### Dataset items
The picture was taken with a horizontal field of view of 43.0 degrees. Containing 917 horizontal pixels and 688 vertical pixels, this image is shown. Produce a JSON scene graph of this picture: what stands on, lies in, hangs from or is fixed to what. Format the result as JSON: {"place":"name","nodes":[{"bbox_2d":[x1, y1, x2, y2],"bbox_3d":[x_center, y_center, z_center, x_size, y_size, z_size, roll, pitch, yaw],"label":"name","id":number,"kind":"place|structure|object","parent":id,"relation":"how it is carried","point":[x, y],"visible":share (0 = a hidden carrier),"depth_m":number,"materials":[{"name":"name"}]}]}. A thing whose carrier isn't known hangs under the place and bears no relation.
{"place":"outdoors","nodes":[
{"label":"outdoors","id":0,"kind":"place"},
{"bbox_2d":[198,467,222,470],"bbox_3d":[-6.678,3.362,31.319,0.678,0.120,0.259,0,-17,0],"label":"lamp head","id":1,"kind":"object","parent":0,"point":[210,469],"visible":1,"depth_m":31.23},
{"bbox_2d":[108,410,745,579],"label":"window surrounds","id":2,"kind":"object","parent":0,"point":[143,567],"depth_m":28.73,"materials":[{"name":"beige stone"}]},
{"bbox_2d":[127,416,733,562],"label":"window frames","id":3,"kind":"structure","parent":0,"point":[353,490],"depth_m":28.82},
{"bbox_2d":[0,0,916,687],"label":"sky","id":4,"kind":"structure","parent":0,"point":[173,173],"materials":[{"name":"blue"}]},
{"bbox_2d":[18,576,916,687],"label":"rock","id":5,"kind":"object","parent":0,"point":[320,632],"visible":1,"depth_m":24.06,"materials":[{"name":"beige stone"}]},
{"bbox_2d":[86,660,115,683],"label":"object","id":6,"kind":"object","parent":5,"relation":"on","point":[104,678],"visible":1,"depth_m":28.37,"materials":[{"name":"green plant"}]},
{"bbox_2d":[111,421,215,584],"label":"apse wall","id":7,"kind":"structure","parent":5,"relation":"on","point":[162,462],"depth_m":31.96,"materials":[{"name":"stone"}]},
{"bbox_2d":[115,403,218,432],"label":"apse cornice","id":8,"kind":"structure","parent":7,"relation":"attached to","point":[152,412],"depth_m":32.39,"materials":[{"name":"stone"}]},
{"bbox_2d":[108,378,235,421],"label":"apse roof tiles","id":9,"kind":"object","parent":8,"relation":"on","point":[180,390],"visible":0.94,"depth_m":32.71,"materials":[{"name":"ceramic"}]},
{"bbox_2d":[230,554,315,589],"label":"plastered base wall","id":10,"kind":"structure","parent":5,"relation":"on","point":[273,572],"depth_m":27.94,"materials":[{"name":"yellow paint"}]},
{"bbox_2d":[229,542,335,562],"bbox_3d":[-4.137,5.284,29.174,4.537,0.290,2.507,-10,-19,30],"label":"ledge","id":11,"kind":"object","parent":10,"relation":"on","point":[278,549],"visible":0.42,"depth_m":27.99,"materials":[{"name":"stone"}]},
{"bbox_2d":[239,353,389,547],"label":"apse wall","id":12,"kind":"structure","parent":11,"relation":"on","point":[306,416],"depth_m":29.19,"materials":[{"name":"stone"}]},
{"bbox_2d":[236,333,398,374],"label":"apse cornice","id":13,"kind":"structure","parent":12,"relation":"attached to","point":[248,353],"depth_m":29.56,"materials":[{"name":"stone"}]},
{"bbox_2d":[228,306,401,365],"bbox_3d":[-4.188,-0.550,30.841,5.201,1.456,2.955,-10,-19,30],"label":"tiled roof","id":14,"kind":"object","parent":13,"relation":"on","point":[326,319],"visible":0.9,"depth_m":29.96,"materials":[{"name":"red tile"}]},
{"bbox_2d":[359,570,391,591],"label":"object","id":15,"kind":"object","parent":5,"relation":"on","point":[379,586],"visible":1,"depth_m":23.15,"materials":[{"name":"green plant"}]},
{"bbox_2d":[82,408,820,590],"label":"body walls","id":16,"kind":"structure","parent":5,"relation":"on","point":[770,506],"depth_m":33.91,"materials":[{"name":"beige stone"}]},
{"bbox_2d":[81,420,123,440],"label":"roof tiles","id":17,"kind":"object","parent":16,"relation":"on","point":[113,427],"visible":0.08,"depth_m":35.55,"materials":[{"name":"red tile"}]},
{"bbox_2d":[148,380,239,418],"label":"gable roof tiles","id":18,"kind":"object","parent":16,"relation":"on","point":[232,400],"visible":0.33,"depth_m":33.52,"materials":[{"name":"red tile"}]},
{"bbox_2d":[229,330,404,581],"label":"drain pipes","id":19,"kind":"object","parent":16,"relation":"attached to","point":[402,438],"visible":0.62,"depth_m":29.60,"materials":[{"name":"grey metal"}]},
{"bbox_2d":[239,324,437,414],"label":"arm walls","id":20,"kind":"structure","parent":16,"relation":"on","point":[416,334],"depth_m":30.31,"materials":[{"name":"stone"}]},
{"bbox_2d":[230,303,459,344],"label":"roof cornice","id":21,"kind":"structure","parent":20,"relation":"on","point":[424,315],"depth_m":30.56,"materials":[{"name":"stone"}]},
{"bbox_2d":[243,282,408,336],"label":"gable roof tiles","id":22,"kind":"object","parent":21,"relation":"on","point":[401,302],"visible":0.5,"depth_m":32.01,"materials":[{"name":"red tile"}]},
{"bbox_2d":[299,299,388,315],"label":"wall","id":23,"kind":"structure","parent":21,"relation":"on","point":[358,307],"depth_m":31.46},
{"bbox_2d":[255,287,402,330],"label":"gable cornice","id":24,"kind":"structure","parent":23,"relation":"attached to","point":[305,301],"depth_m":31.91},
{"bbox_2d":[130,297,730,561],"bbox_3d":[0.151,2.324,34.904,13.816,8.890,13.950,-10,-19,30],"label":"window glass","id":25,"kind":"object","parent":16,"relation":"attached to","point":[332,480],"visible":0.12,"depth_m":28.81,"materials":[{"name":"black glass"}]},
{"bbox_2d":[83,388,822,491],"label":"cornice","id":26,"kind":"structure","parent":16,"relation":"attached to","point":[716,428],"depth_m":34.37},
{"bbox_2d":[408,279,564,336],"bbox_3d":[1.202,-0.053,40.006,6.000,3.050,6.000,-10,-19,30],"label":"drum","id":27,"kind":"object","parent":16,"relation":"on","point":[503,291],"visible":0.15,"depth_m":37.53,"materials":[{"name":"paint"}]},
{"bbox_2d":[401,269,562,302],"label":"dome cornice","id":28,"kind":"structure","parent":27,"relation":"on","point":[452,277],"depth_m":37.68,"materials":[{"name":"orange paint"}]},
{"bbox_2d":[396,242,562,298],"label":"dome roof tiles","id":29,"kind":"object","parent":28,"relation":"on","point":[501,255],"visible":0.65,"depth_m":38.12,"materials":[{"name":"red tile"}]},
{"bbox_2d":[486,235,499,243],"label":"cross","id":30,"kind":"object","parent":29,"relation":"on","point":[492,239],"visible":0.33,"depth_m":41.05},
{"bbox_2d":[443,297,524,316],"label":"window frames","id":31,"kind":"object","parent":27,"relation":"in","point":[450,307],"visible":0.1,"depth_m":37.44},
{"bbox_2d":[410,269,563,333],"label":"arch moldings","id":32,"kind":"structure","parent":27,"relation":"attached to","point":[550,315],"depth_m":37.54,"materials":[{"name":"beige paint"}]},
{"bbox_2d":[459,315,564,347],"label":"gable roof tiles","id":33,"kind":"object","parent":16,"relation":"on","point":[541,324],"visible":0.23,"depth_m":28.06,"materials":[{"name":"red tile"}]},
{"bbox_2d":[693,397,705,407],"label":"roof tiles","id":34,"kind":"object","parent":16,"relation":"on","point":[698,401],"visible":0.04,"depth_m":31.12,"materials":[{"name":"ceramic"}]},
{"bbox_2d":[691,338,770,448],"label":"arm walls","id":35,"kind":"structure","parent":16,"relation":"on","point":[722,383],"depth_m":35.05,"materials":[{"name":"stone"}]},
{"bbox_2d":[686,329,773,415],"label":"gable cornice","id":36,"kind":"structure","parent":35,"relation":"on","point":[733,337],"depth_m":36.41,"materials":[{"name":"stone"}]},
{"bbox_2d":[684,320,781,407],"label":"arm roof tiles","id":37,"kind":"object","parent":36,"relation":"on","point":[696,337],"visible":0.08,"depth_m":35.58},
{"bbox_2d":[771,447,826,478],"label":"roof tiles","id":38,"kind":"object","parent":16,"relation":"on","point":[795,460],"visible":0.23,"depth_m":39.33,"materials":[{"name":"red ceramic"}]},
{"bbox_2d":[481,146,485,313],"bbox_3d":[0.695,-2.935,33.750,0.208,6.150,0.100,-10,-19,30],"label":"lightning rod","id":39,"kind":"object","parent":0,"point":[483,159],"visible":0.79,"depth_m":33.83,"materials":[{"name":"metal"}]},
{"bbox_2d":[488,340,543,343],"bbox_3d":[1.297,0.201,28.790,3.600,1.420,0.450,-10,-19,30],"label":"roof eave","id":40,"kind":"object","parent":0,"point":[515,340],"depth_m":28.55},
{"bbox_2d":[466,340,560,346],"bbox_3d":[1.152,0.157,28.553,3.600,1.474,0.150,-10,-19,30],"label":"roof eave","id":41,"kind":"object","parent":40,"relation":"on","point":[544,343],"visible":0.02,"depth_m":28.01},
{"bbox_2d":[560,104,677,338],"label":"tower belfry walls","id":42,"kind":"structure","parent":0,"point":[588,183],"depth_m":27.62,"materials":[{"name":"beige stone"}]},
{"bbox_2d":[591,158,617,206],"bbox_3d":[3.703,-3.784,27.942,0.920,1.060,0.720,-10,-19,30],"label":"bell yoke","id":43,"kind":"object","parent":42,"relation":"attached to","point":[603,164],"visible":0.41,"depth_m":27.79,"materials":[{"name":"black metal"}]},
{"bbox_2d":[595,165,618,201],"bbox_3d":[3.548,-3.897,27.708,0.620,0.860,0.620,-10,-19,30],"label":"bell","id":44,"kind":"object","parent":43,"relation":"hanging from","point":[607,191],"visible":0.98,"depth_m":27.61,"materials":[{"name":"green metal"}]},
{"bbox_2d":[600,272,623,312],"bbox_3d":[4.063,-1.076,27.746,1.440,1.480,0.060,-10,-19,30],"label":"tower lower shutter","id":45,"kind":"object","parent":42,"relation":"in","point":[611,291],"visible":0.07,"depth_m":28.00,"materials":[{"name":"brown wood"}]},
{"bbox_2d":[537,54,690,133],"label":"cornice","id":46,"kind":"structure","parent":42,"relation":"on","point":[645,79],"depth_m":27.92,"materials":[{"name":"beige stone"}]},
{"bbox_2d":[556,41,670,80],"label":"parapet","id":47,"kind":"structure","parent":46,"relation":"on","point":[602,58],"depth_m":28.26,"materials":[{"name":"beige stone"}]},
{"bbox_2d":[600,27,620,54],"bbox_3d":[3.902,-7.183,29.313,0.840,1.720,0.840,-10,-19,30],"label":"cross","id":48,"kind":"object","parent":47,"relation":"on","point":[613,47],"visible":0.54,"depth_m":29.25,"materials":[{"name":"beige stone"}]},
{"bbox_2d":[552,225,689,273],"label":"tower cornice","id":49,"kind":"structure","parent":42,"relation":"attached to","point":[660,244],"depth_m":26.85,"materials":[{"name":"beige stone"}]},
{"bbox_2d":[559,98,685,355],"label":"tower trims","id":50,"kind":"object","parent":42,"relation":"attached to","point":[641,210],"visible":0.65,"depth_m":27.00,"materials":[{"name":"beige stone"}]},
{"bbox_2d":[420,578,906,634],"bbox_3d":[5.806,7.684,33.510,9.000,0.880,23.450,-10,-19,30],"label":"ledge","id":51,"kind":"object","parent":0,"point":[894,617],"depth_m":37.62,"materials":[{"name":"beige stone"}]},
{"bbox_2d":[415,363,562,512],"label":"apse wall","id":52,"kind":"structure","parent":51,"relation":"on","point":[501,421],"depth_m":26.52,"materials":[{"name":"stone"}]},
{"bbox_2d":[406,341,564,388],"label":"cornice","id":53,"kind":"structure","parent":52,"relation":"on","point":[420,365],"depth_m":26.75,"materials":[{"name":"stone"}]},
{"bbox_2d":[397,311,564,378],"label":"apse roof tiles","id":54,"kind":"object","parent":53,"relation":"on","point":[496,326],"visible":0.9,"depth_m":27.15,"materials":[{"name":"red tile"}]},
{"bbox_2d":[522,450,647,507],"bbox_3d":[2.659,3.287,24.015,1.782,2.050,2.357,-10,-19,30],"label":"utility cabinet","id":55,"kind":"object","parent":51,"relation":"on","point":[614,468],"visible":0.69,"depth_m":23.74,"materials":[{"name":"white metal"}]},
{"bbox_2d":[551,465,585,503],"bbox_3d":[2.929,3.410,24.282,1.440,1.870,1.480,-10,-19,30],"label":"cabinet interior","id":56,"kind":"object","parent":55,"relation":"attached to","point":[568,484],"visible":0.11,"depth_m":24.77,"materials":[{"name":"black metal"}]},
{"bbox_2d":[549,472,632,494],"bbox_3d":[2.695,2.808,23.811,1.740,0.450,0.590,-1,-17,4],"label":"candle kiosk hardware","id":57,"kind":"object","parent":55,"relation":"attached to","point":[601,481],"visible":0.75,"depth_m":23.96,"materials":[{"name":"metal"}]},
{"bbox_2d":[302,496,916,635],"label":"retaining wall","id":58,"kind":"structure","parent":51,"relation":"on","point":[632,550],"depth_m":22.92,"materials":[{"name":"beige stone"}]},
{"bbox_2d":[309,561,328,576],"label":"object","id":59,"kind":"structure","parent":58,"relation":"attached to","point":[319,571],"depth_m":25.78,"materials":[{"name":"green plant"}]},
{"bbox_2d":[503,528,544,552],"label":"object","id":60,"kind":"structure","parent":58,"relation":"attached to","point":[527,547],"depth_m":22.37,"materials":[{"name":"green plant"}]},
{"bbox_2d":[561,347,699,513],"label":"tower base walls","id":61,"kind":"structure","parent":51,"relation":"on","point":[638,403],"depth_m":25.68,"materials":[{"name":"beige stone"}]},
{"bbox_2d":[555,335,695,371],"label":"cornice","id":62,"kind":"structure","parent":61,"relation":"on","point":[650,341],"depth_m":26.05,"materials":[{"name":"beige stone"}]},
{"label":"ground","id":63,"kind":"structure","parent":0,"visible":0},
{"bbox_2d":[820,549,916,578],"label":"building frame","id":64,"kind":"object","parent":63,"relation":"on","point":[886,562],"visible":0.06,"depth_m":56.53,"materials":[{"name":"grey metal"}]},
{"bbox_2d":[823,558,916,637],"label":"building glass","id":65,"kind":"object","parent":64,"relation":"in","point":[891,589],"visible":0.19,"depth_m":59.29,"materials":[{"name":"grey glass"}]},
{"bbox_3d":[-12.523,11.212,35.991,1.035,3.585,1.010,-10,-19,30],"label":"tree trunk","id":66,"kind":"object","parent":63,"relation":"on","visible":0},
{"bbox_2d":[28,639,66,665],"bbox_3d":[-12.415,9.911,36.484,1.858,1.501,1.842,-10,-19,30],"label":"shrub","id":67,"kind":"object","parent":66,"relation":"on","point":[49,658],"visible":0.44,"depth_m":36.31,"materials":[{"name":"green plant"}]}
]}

### Assignment
Set aside each line above that includes the string "grey" and report it.

### Answer below
{"bbox_2d":[229,330,404,581],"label":"drain pipes","id":19,"kind":"object","parent":16,"relation":"attached to","point":[402,438],"visible":0.62,"depth_m":29.60,"materials":[{"name":"grey metal"}]},
{"bbox_2d":[820,549,916,578],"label":"building frame","id":64,"kind":"object","parent":63,"relation":"on","point":[886,562],"visible":0.06,"depth_m":56.53,"materials":[{"name":"grey metal"}]},
{"bbox_2d":[823,558,916,637],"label":"building glass","id":65,"kind":"object","parent":64,"relation":"in","point":[891,589],"visible":0.19,"depth_m":59.29,"materials":[{"name":"grey glass"}]},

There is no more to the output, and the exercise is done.